軽量なろうリーダー

作品タイトル不明

173 君の名前を呼んだ夜(1)

ハルムとアセリアが家に戻ったのは、夜もかなり更けてからのことだった。

まだまだ広場は酒と歌とで凄まじい風景だったけれど、もう出し物もないしやることもないということで、休ませてもらうことになったのだ。

テーブルの上にランプを置くと、ハルムは一つ息を吐いた。

「ふぅ」

その声をききつけ、アセリアがくるりと振り向く。

「疲れましたわね」

アセリアの表情に、思わずドキリとした。

柔らかな表情。

さっきまで、その顔を誰か他のやつに向けていたことを思うと、胃がキリキリと痛む。

自分だけのものだと思っていた。

ここには二人だけだから。

一緒に行きていこうとお互いに決めたから。

けれど、離れることもあるのだと、現実を突きつけられた。

アセリアは、このままだと俺の元を離れてしまうと。

ランプの灯りの中で、アセリアが後ろを向いて伸びをする。

ゆるゆるとベッドへ向かう。

俺は執事だった。

いつだって。

今だって。

けれど。

それでは一緒にいられない。

執事という役を、辞めたくなる。

辞めたらどうなる?

アセリアは、一人で生きていけるだろうか。

心配だからこそ、執事という役を手放すわけにはいかなかった。

アセリアのためなら。

執事という役でいなくては。

そこで、アセリアがベッドに引き込まれていくことに気がついた。

「すぐに寝ますか?」

「ええ。

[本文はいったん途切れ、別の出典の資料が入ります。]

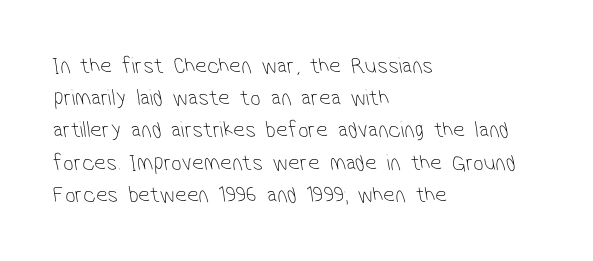
The line-height multiplier appears to be the usual default. The line texture is even and compact thanks to regular tracking. Compared with a typical body face, this is equally light or lighter still. The setting favours the left margin, as ordinary paragraphs usually do. The specimen omits any rule beneath the text block's lines.
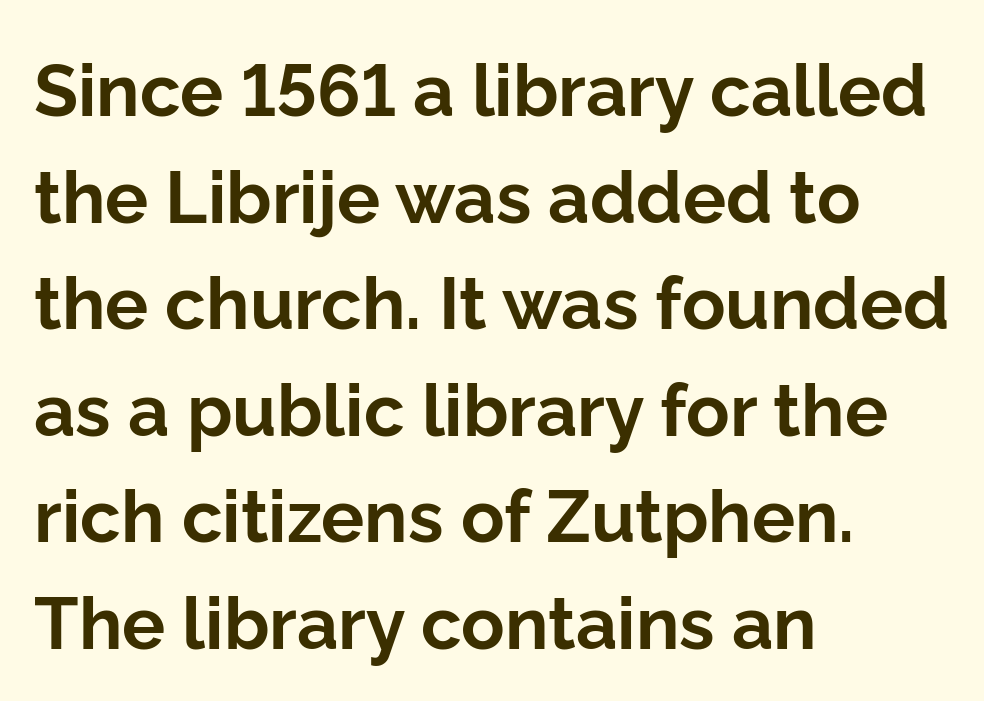
The typography opts for an upright posture over an oblique one. The rendering shows plain stroke endings on the letterforms — a sans-serif design. A typesetter would call this proportional, since set widths differ per character. Caption: standard tracking, unaltered. Weight: bold.
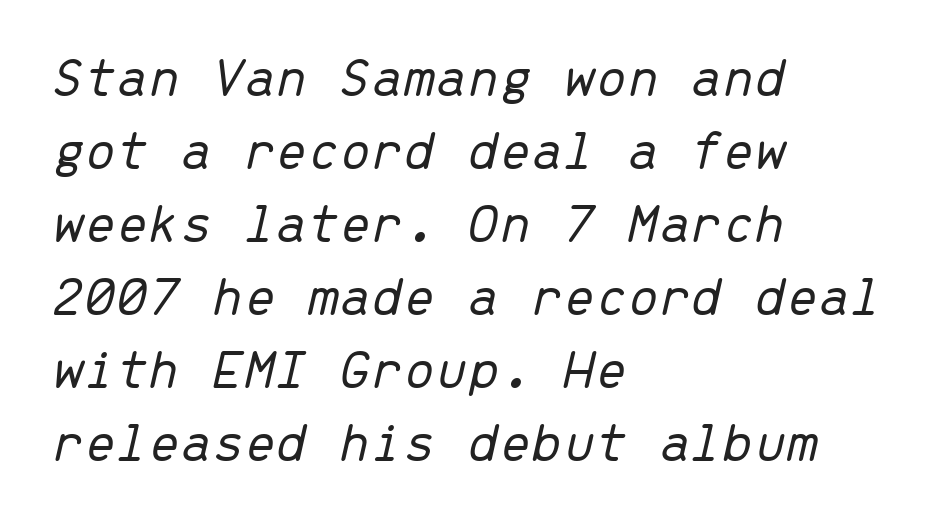
Q: Is the text bold? A: No.
Q: Is the text italic (slanted)? A: Yes, it leans right by about 13 degrees.
Q: Is the text underlined? A: No.
Q: How is the paragraph aligned? A: Left-aligned.
Q: Is the spacing between letters normal or unusually wide? A: Normal.
Q: Is the spacing between lines tight, normal or loose? A: Normal.
Q: Width (condensed, normal, or wide)? A: Normal.
Q: Stroke contrast? A: Low.
Q: x-height? A: Medium.
Q: Monospaced? A: Yes.
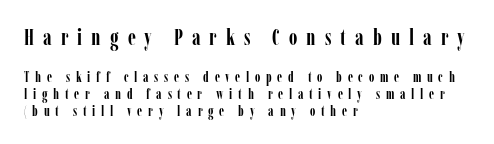
The image shows 22 px bold type, upright; set left-aligned, line spacing 1.2x, unusually wide letter spacing (+0.41 em), not underlined; the first (top) block is 1.57x larger.
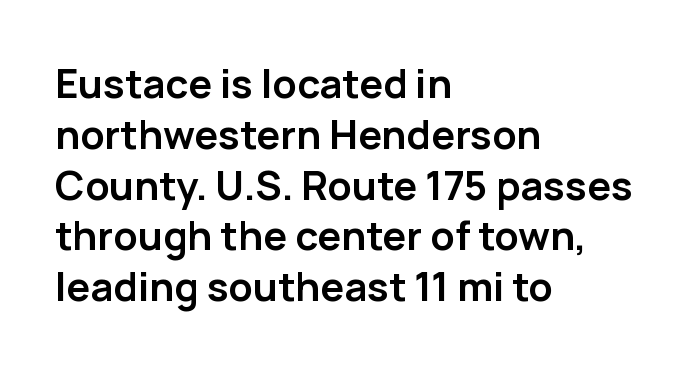
Q: Is the text bold? A: Yes.
Q: Is the text italic (slanted)? A: No, it is upright.
Q: Is the typeface a serif or a sans-serif typeface? A: Sans-serif.
Q: Is the text underlined? A: No.
Q: How is the paragraph aligned? A: Left-aligned.
Q: Is the spacing between letters normal or unusually wide? A: Normal.
Q: Is the spacing between lines tight, normal or loose? A: Normal.
Q: Width (condensed, normal, or wide)? A: Normal.
Q: Stroke contrast? A: Low.
Q: x-height? A: Medium.
Q: Monospaced? A: No.
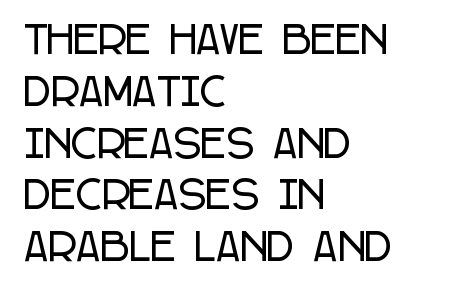
Notice how descenders clear the ascenders below comfortably — that's standard leading. The passage shown is not underscored anywhere. Between one letter and the next there's only the usual sliver of space. You can tell from the bare stems that sans-serif type was used. Leftover space on each line is placed entirely after the last word.
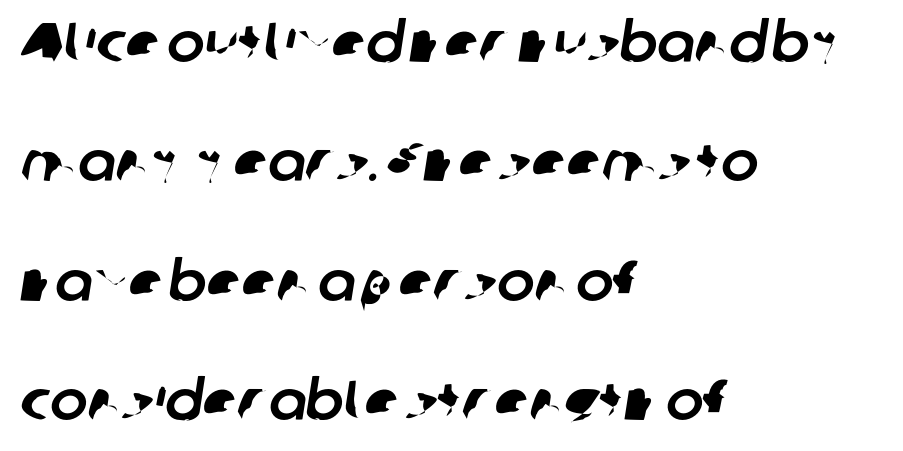
Q: Is the typeface a serif or a sans-serif typeface? A: Sans-serif.
Q: Is the text underlined? A: No.
Q: How is the paragraph aligned? A: Left-aligned.
Q: Is the spacing between letters normal or unusually wide? A: Normal.
Q: Is the spacing between lines tight, normal or loose? A: Loose.
Q: Width (condensed, normal, or wide)? A: Normal.
Q: Stroke contrast? A: Low.
Q: x-height? A: Medium.
Q: Monospaced? A: No.
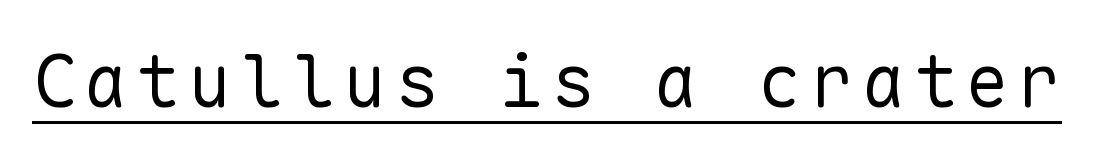
Q: Is the text bold? A: No.
Q: Is the text italic (slanted)? A: No, it is upright.
Q: Is the typeface a serif or a sans-serif typeface? A: Sans-serif.
Q: Is the text underlined? A: Yes.
Q: Width (condensed, normal, or wide)? A: Normal.
Q: Stroke contrast? A: Low.
Q: x-height? A: Medium.
Q: Monospaced? A: Yes.

本当は寝るのが惜しいのですけど」

子供のように眠気と戦うアセリアが愛おしくて、少しだけ笑う。

「楽しかったですからね」

「ええ。それに、」

アセリアがハルムの方に向き直る。

ベッドに座り込み、何かを探すように視線を彷徨わせた。

何か言葉が続くのかと思ったが、アセリアは下を向いてしまう。

言いづらそうに。恥ずかしそうに。けれど嬉しそうに。

パッと顔を上げたアセリアは頬を火照らせ、少しだけ微笑んだ。

なんだよその顔。

なんでそんな顔。

手を伸ばしそうになる。

執事という役が、アセリアを幸せに送り出す役なのだとしたら。

もし、そうなのだとしたら。

俺は。

俺は?

「ハルム」

アセリアが、俺の名を口にする。

甘い声。

込み上げる。

飲み込めないほどの気持ちを。

もう、どうにもできなかった。

俺はどうやってずっとここに居た?

俺はどうやれば、ずっとここに居られるんだ?

俺は、アセリアの前で、どう息をしていた?

アセリア。

「アセリ……ア」

しまった、と思った。

今まで、まともに名前を呼ぶのは意識的に避けていた。

主人と執事から、外に出ないために。

はみ出さないように。

目の前に、ハッとした顔のアセリアの顔が見えた。

言っては、いけないことだった。

それは、言ってはいけない言葉だったのに。